We invite you to explore these exhibits and consider how they reflect traditional museums and historical methods.  We also ask you think about the possibilities that the internet offers for presenting historical information.  Commentators such as William Cronon, the distinguished environmental historian, have noted that the internet is changing the practice of history in ways not seen since the invention of moveable type in the fifteenth century.  Online exhibits are part of this revolution.  How to produce rich and challenging exhibits are questions that the generation of historians currently entering the field are likely to face for their entire careers.

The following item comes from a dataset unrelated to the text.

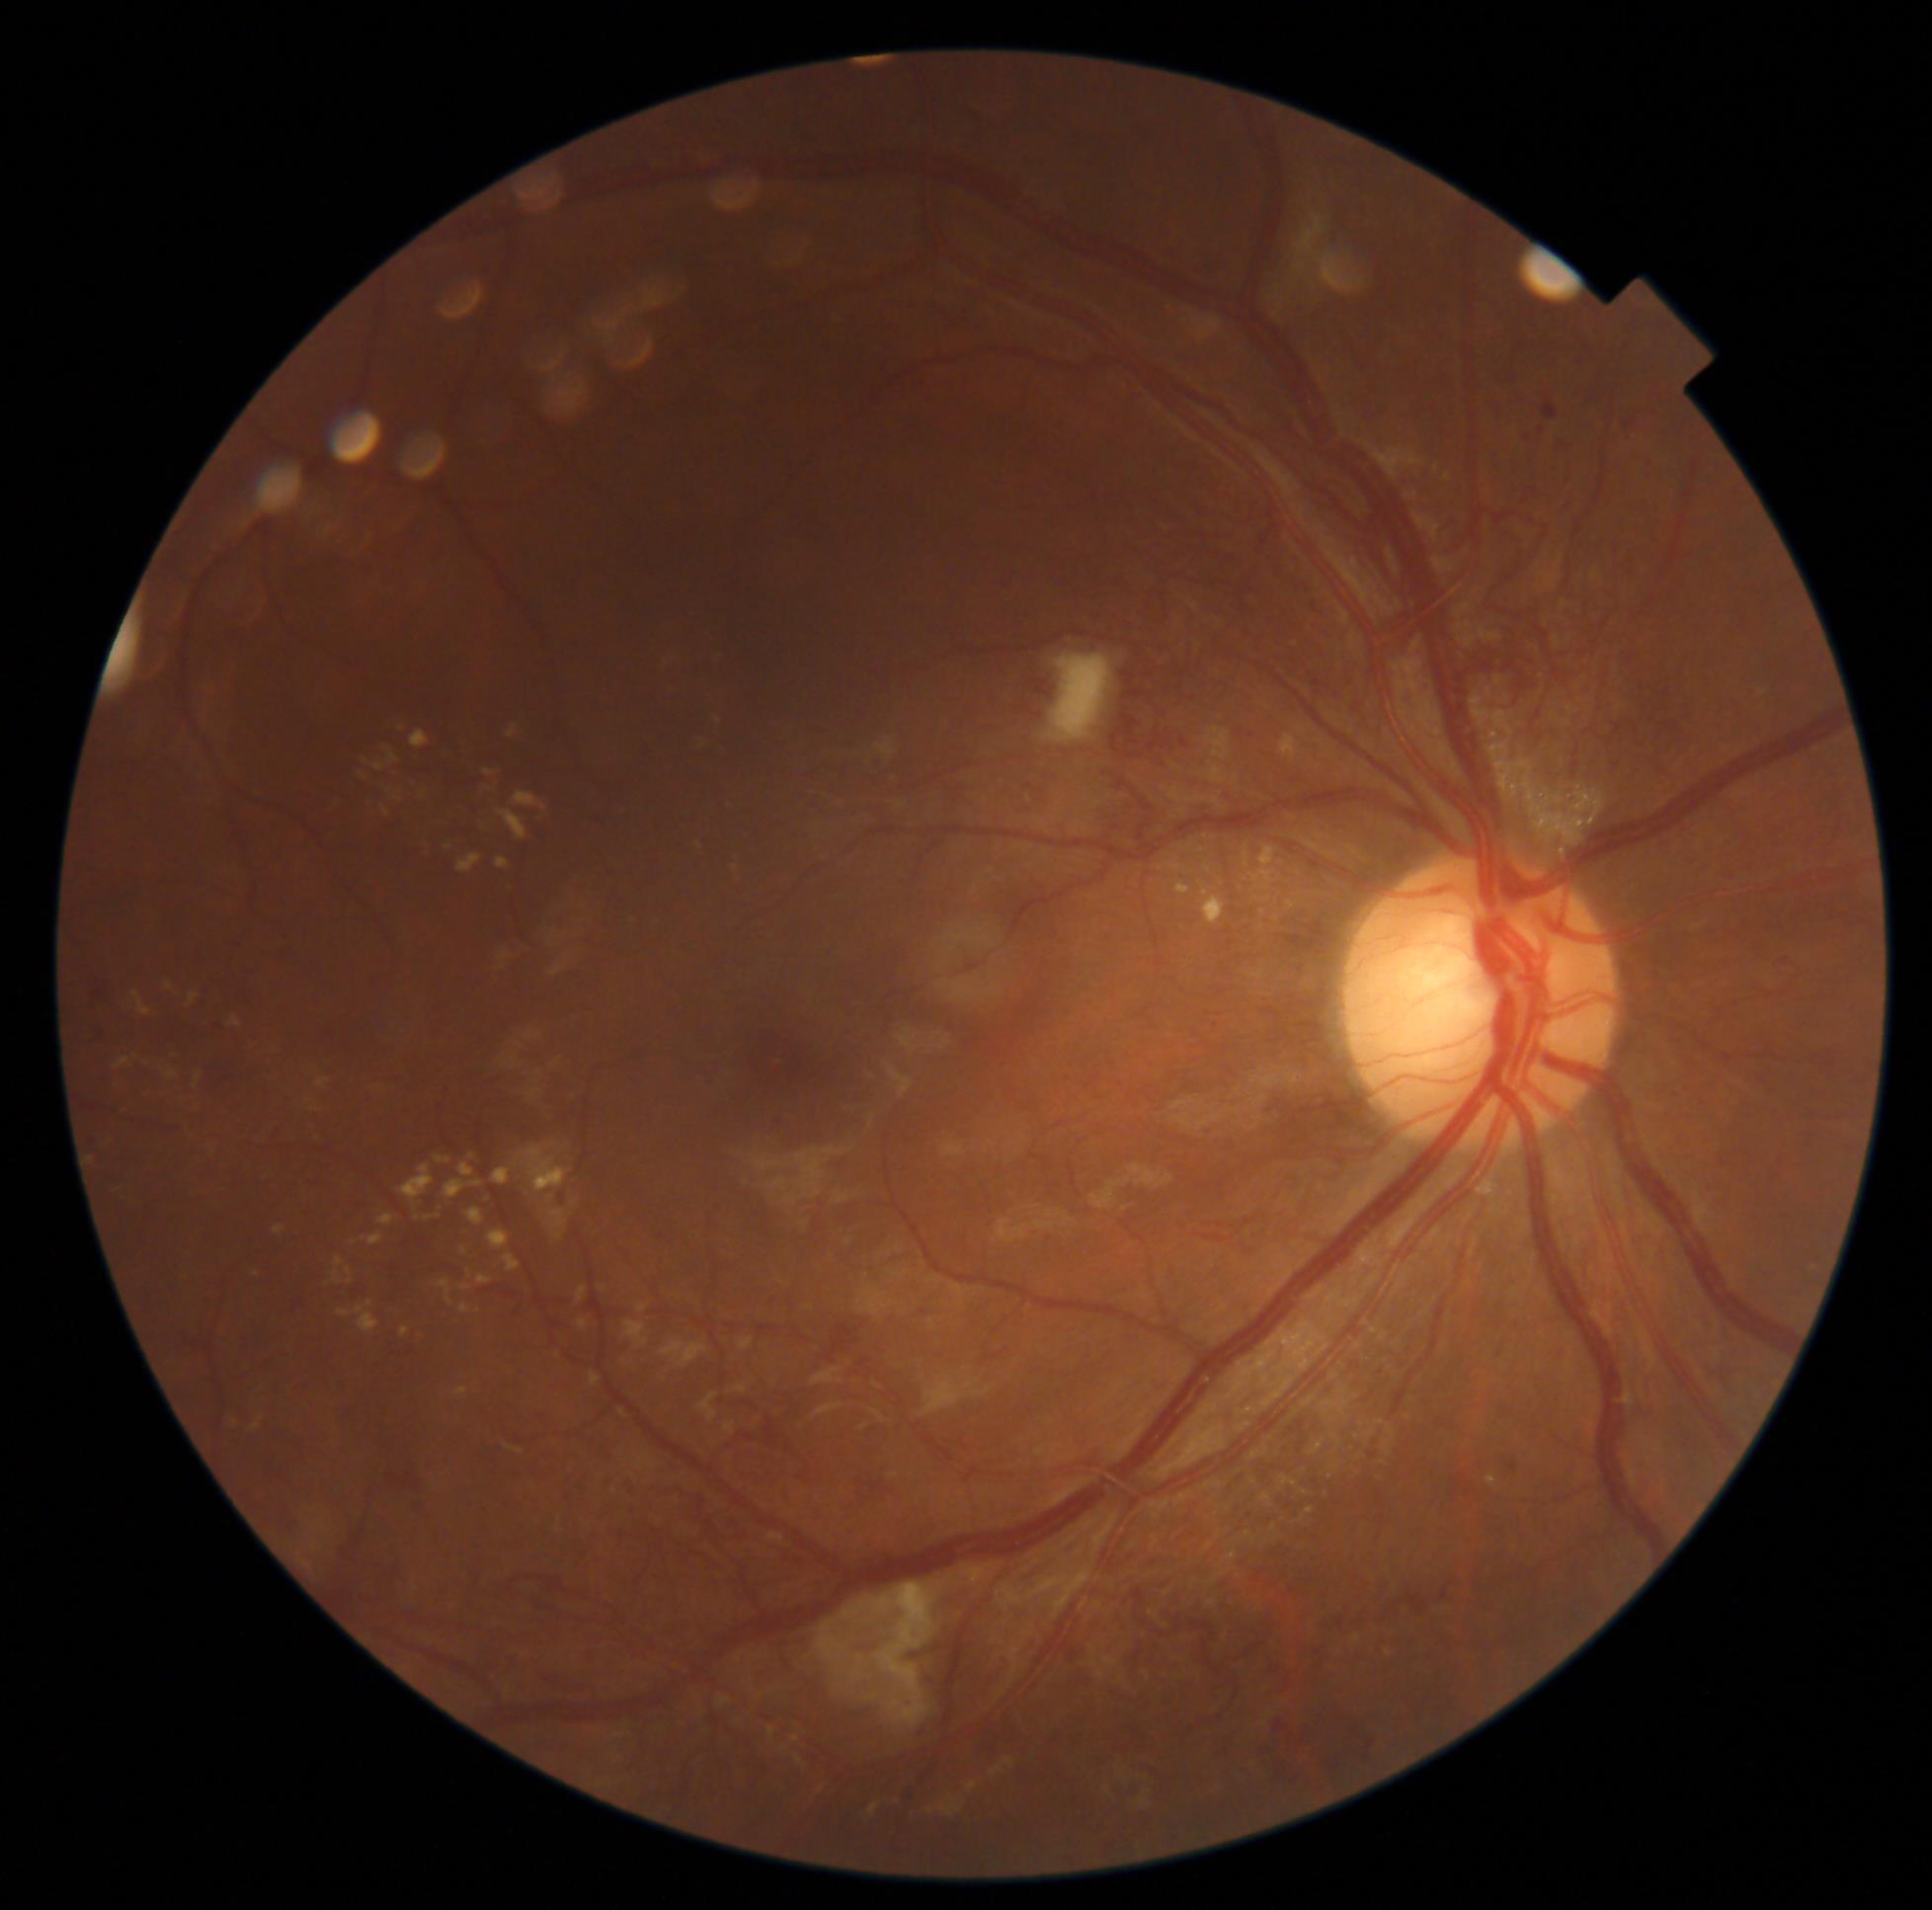
{"dr_category": "proliferative diabetic retinopathy", "dr_grade": "grade 4"}

As you’re browsing, please bear the following in mind.  First, these are not necessarily polished pieces of work.  They were completed during the fall semester, and most were finished during the typical rush that occurs as finals week approaches.  Hence, typos, a few poor word choices, and other problems are to be expected.  Some are close to being ready for prime time; others could use another round or two of revision.  Second, some students intend to continue developing their exhibits.  Zac Distel, for example, is just starting work on his thesis, a study of the State Department’s Art in Embassies program during the Cold War.  As his work progresses, he intends to add new information to the exhibit.  The same is true for Kim Kelly’s project.  Hence, if you click back on this page several months from now, you’re likely to see a few changes.

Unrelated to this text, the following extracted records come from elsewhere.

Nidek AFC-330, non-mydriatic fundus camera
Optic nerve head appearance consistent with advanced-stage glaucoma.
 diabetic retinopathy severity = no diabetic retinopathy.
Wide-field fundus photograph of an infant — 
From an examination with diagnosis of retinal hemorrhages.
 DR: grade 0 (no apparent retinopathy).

Students who produced exhibits found the assignment challenging, engaging, and rewarding.  From the professor’s standpoint, it sought to introduce several problems.  One is the difficulty of developing an “open” narrative.  Like any museum exhibit, an online exhibit presents narrative choices that differ from, and yet bear close similarities to, a written essay.  Getting students to consider the nuances involved was an important goal.  Second, curating an online exhibit requires many of the same decisions involved in creating a traditional, “three-dimensional” exhibit.  What images will be used?  Which objects?  How much text is too much?  These are all part of the process.  Finally, simply introducing students to Omeka was valuable.  This program is rapidly gaining favor among historical societies, historic sites, and museums.  Its flexibility and content-management abilities make it a sound choice for many institutions.   Moreover, it is certainly capable of producing good online exhibits.  Familiarity with the software is an asset in today’s job market.  The youngest people hired at any institution tend to be the most tech-savvy, and historical institutions tend to be especially reliant on new hires for such skills.  For this reason, familiarizing students with Omeka and its capabilities was an important goal.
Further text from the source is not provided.